The
Fair Work Commission (FWC) has confirmed that employers may terminate employees who are unfit for work due to long-term illnesses or injuries – provided there is evidence that the employee is unable to perform their substantive duties and that they have been afforded procedural fairness.
In recent weeks the FWC has rejected two unfair dismissal claims, both of which related to applications made by long-serving train drivers who had their employment terminated while on extended medical leave.
The first case involved a Victorian train driver who, in almost 44 years with the same employer, had been involved in 20 reported train incidents including fatalities, collisions and near-misses. He was diagnosed with post-traumatic stress disorder (PTSD) and was absent from work for almost two years.

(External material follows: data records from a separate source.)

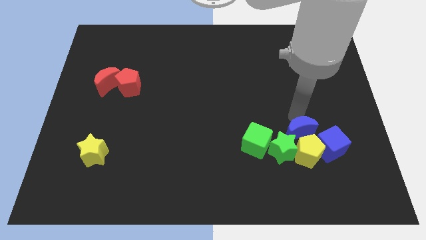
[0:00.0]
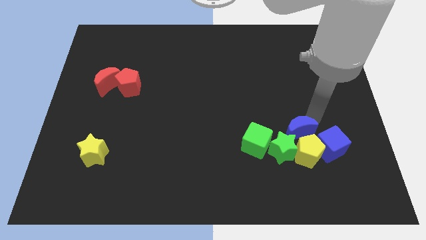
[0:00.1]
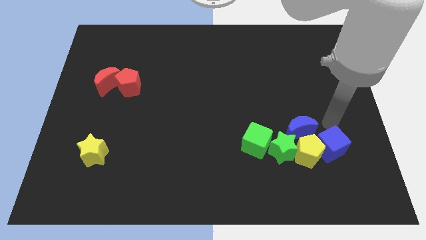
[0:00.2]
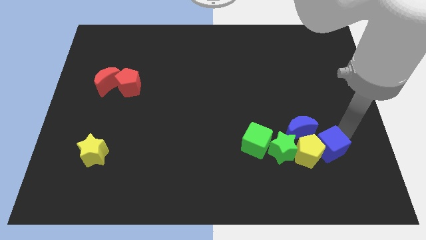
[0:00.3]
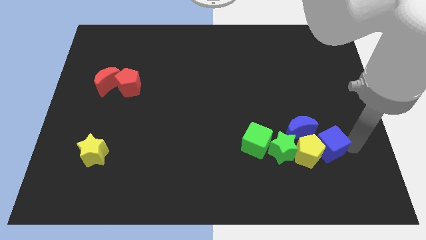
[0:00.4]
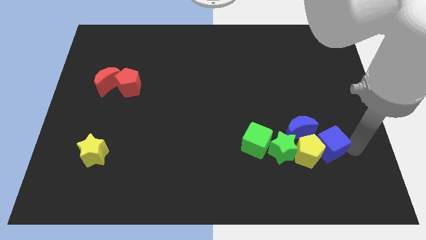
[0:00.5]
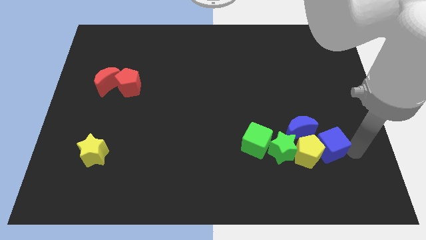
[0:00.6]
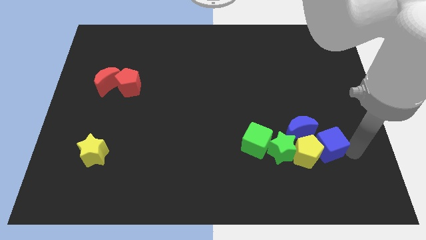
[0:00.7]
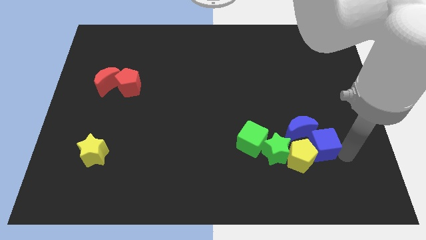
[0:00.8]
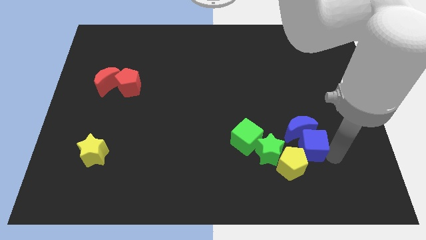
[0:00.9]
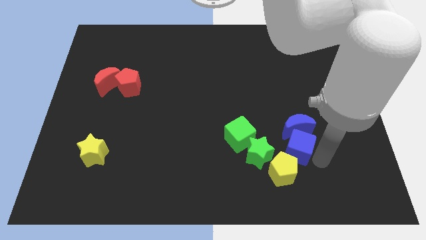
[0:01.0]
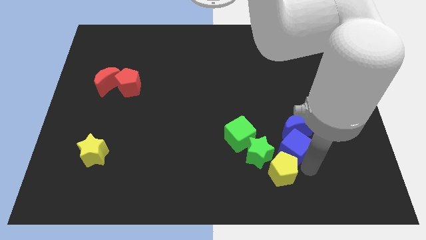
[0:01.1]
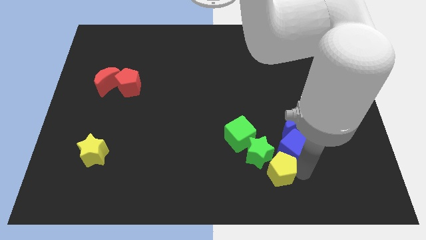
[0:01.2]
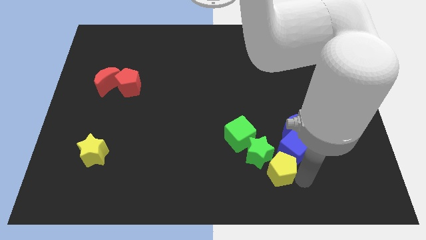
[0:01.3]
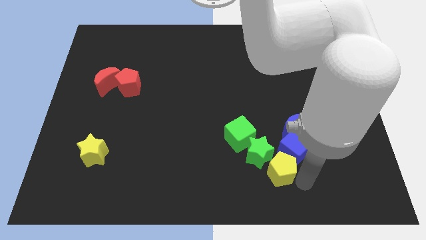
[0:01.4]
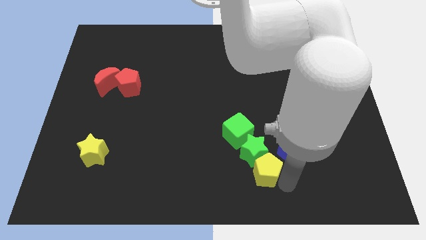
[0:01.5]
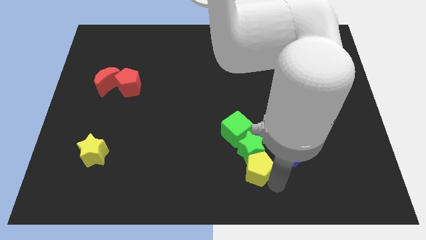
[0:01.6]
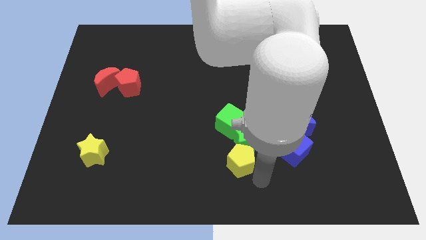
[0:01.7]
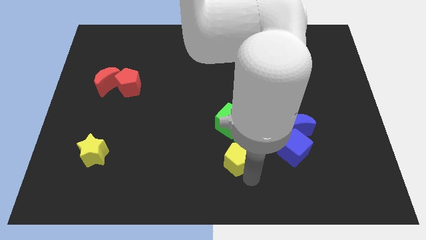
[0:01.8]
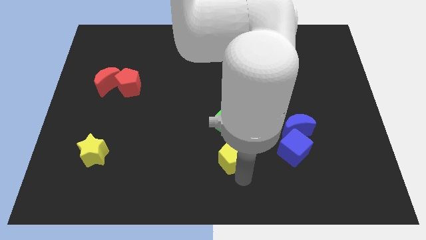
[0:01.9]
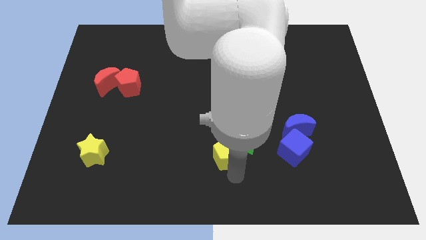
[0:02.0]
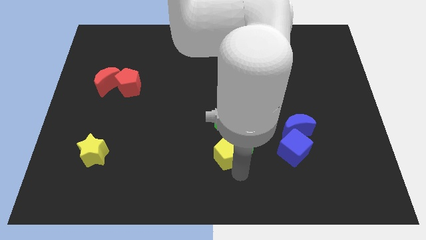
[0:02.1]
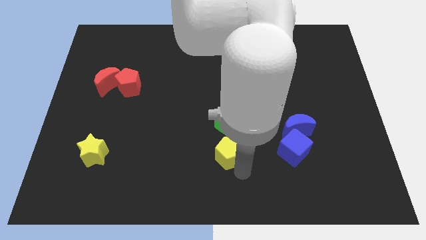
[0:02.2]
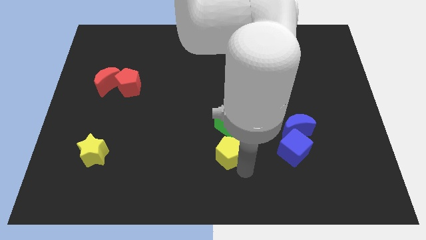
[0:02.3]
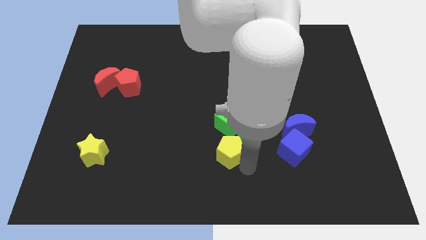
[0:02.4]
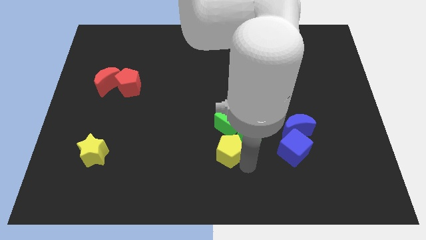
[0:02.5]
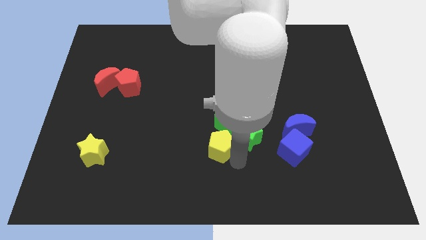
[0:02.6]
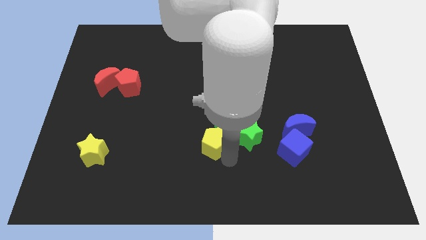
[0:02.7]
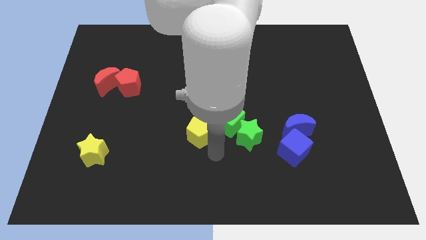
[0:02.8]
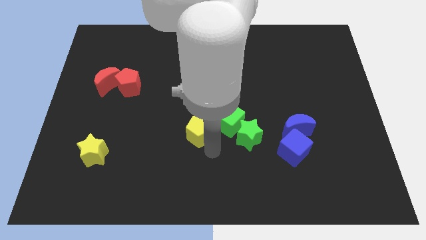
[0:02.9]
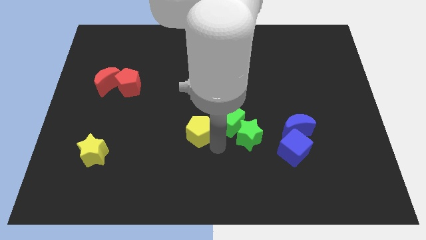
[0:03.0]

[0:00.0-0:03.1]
separate the blue blocks from a group of objects

His employer found that the man was not only unfit to return to his job, but that he was also unfit for alternative duties such as office work. He was dismissed in December 2012.
The employee argued that both the dismissal decision and procedure was unfair, and gave evidence that his treating practitioner supported a structured return to work plan.
However, Fair Work Commissioner
Nicolas Wilson ruled his dismissal as valid, commenting that the employee “did not have the capacity to perform the duties he was employed to do and that, on the objective facts known to (the employer), there was not a prospect of him being able to perform his duties again”.
In a similar case before the FWC, a Queensland train driver argued he was unfairly dismissed in May last year, following an absence of almost 18 months due to a series of seizures and related surgeries. The employee had worked for the company for 34 years and received more than $100,000 in termination entitlements.
Fair Work Commissioner
Paula Spencer said that while the Commission is “sympathetic to the applicant’s position”, the medical evidence confirmed that he could not perform the inherit requirements of his role and therefore, found his dismissal was fair.
“An employer is not required to maintain an employee ‘on the books’ for an extended period of time, where the prospects of that employee ever being able to safely perform their substantive position again is minimal or would not be such, within a reasonable period of time,” she said.